[PATCH v4 04/40] drm/sched: Add enqueue credit limit

Thu May 15 16:15:08 UTC 2025

On Thu, May 15, 2025 at 2:28 AM Philipp Stanner <phasta at mailbox.org> wrote:
>
> Hello,
>
> On Wed, 2025-05-14 at 09:59 -0700, Rob Clark wrote:
> > From: Rob Clark <robdclark at chromium.org>
> >
> > Similar to the existing credit limit mechanism, but applying to jobs
> > enqueued to the scheduler but not yet run.
> >
> > The use case is to put an upper bound on preallocated, and
> > potentially
> > unneeded, pgtable pages.  When this limit is exceeded, pushing new
> > jobs
> > will block until the count drops below the limit.
>
> the commit message doesn't make clear why that's needed within the
> scheduler.
>
> From what I understand from the cover letter, this is a (rare?) Vulkan
> feature. And as important as Vulkan is, it's the drivers that implement
> support for it. I don't see why the scheduler is a blocker.

Maybe not rare, or at least it comes up with a group of deqp-vk tests ;-)
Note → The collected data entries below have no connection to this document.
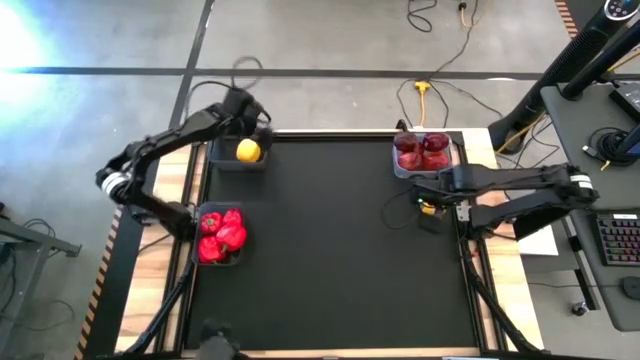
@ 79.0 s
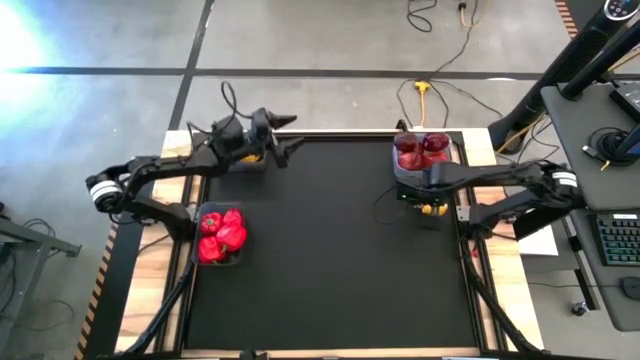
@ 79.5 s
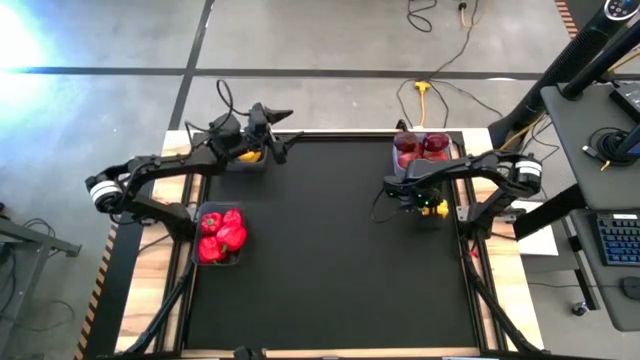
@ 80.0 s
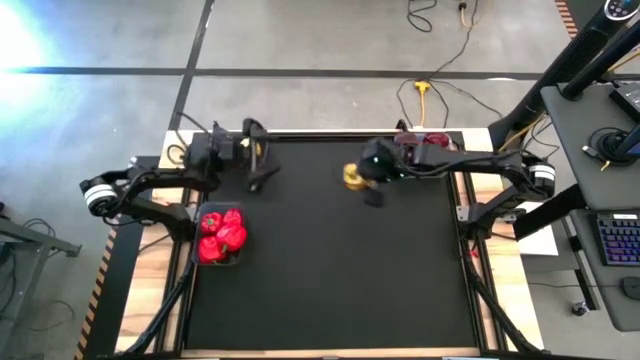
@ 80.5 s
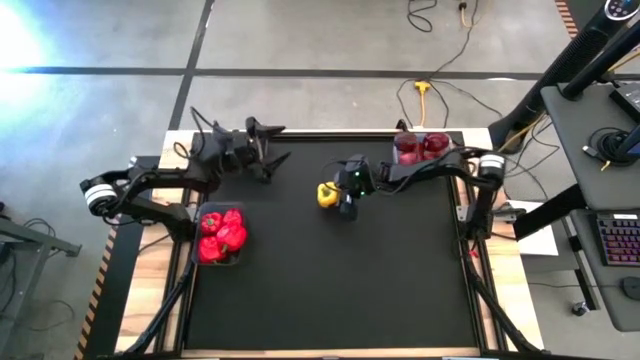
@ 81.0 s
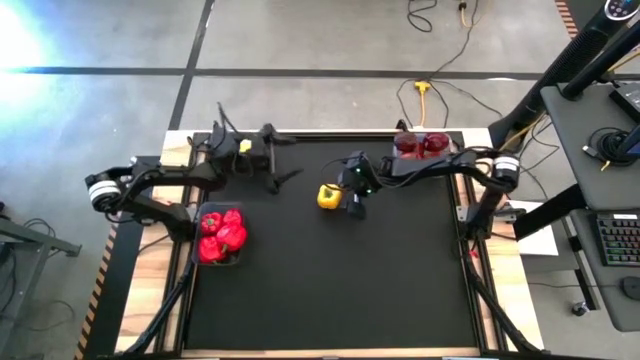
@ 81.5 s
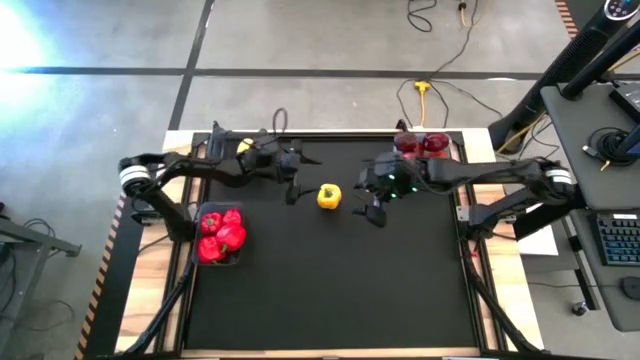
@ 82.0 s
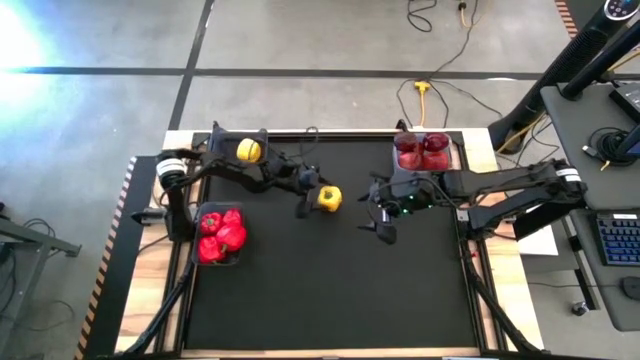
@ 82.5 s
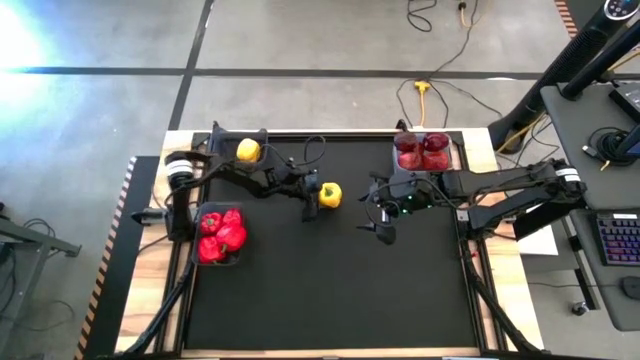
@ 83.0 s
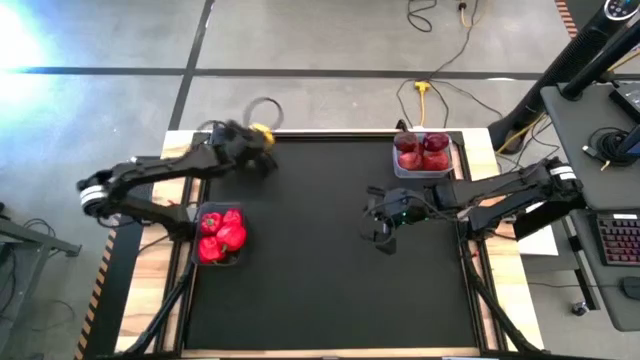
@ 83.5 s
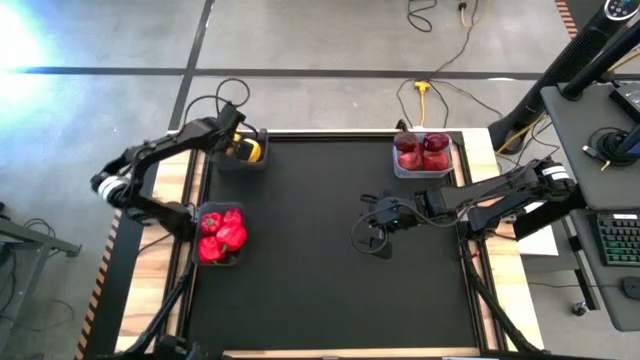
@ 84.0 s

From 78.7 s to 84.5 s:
Put the yellow bell pepper into the top black bin

Basically it is a way to throttle userspace to prevent it from OoM'ing
itself.  (I suppose userspace could throttle itself, but it doesn't
really know how much pre-allocation will need to be done for pgtable
updates.)

> All the knowledge about when to stop pushing into the entity is in the
> driver, and the scheduler obtains all the knowledge about that from the
> driver anyways.
>
> So you could do
>
> if (my_vulkan_condition())
>    drm_sched_entity_push_job();
>
> couldn't you?

It would need to reach in and use the sched's job_scheduled
wait_queue_head_t...  if that isn't too ugly, maybe the rest could be
implemented on top of sched.  But it seemed like a reasonable thing
for the scheduler to support directly.

> >
> > Signed-off-by: Rob Clark <robdclark at chromium.org>
> > ---
> >  drivers/gpu/drm/scheduler/sched_entity.c | 16 ++++++++++++++--
> >  drivers/gpu/drm/scheduler/sched_main.c   |  3 +++
> >  include/drm/gpu_scheduler.h              | 13 ++++++++++++-
> >  3 files changed, 29 insertions(+), 3 deletions(-)
> >
> > diff --git a/drivers/gpu/drm/scheduler/sched_entity.c
> > b/drivers/gpu/drm/scheduler/sched_entity.c
> > index dc0e60d2c14b..c5f688362a34 100644
> > --- a/drivers/gpu/drm/scheduler/sched_entity.c
> > +++ b/drivers/gpu/drm/scheduler/sched_entity.c
> > @@ -580,11 +580,21 @@ void drm_sched_entity_select_rq(struct
> > drm_sched_entity *entity)
> >   * under common lock for the struct drm_sched_entity that was set up
> > for
> >   * @sched_job in drm_sched_job_init().
> >   */
> > -void drm_sched_entity_push_job(struct drm_sched_job *sched_job)
> > +int drm_sched_entity_push_job(struct drm_sched_job *sched_job)
>
> Return code would need to be documented in the docstring, too. If we'd
> go for that solution.
>
> >  {
> >       struct drm_sched_entity *entity = sched_job->entity;
> > +     struct drm_gpu_scheduler *sched = sched_job->sched;
> >       bool first;
> >       ktime_t submit_ts;
> > +     int ret;
> > +
> > +     ret = wait_event_interruptible(
> > +                     sched->job_scheduled,
> > +                     atomic_read(&sched->enqueue_credit_count) <=
> > +                     sched->enqueue_credit_limit);
>
> This very significantly changes the function's semantics. This function
> is used in a great many drivers, and here it would be transformed into
> a function that can block.
>
> From what I see below those credits are to be optional. But even if, it
> needs to be clearly documented when a function can block.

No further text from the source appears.